Student crafts own good-bye to teacher

4/10/2003

When Rob McClure sits at the piano, he's off on a journey with no map.

“I don't usually know what I'm going to do. I just kind of play,” says the Start High senior.

On a Tuesday in late February, Rob went home after rehearsing with the school band for an upcoming contest, and found himself at the keyboard.

“I just played the very first opening notes, and then I immediately started writing more [on the computer],” the young composer explains.

That night, Rob finished nearly half of the piece he calls Requiem, a work for full band and orchestra that debuts tonight - and which Rob no doubt wishes he'd never had cause to write.

When Start's band and orchestra perform tonight in the auditorium, they do so in memory of Robert Haddad, the 49-year-old music teacher whose death Feb. 25 sent students and colleagues reeling.

“We all knew he'd been sick,” says choir director Karen Vollmer, “but no one expected this.”

Awaiting a liver transplant, Mr. Haddad died the week he was to retire. Principal Mike Kedzierski called the hospital that Tuesday and hung up the phone under the impression that his music teacher was doing better.

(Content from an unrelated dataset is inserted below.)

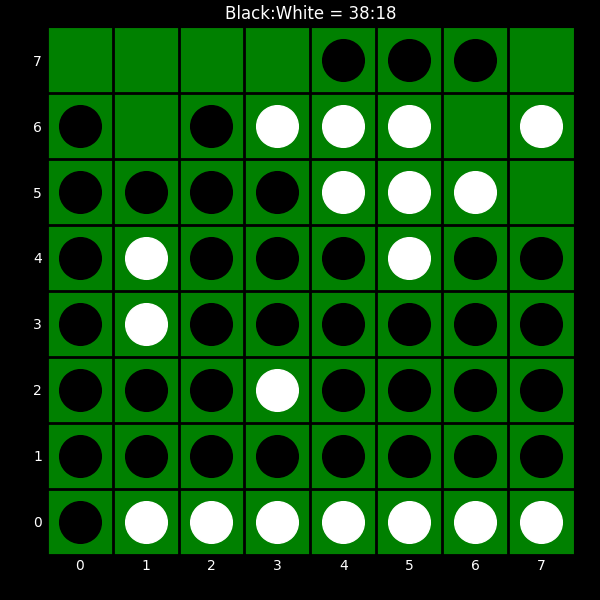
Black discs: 38
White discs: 18

For those arriving at school that night, news of Mr. Haddad's death shaded the music in ways no one ever expected.

“A lot of us, myself included, we didn't even know until we got to school,” says interim band director Andy Fritz. “It was emotional, but we decided Rob [Haddad] would have wanted us to go on. And I thought it was the best they've done in the two years I've been here.”

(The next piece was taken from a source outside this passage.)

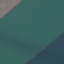
Label: AnnualCrop
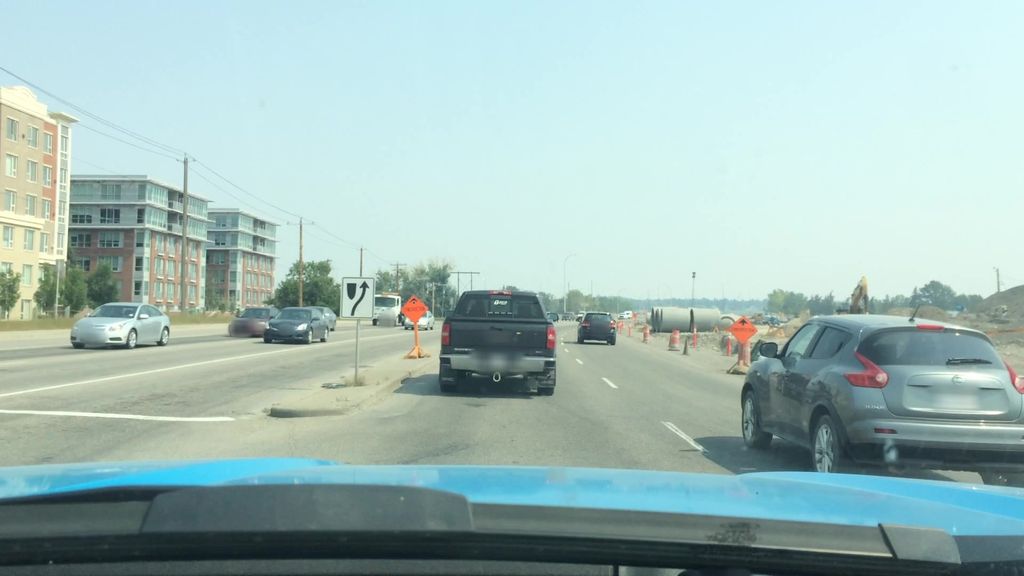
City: calgary

Nearly everyone with something to say about Robert Haddad makes two points: He set demanding standards, and wasn't always easy to get along with, and I bet the first point had a lot to do with the second.

“He was constantly getting on people who were slacking off,” says Rob McClure. “But I always felt like I had a good relationship with him, because I always wanted to live up to his standards. He wanted us to be the best.”

Robert Haddad, it seems, honored his students by treating them as serious artists.

When Mr. Haddad died, Rob McClure came to school that night to “a lot of tears flying around the room.” Describing his own numbness, he says: “I really didn't know how to feel.”

Later at home, the 18-year-old - who plans to teach high school band and orchestra after college - began sorting out his emotions at the keyboard.

Requiem has hymnlike qualities. It begins softly, with what its composer calls “a simple little melody,” then builds.

“Right when you think it's about to end,” says Rob, “all sound just cuts off, and you hear a string quartet playing. And that's what Mr. Haddad did most; he was a violin player and violist.”

Requiem is one of several pieces that are on the program, which begins at 7 o'clock tonight. Admission is free, but donations will go to a memorial fund.

“The concert was all the students' idea,” says Ms. Vollmer. “They wanted to pay tribute.”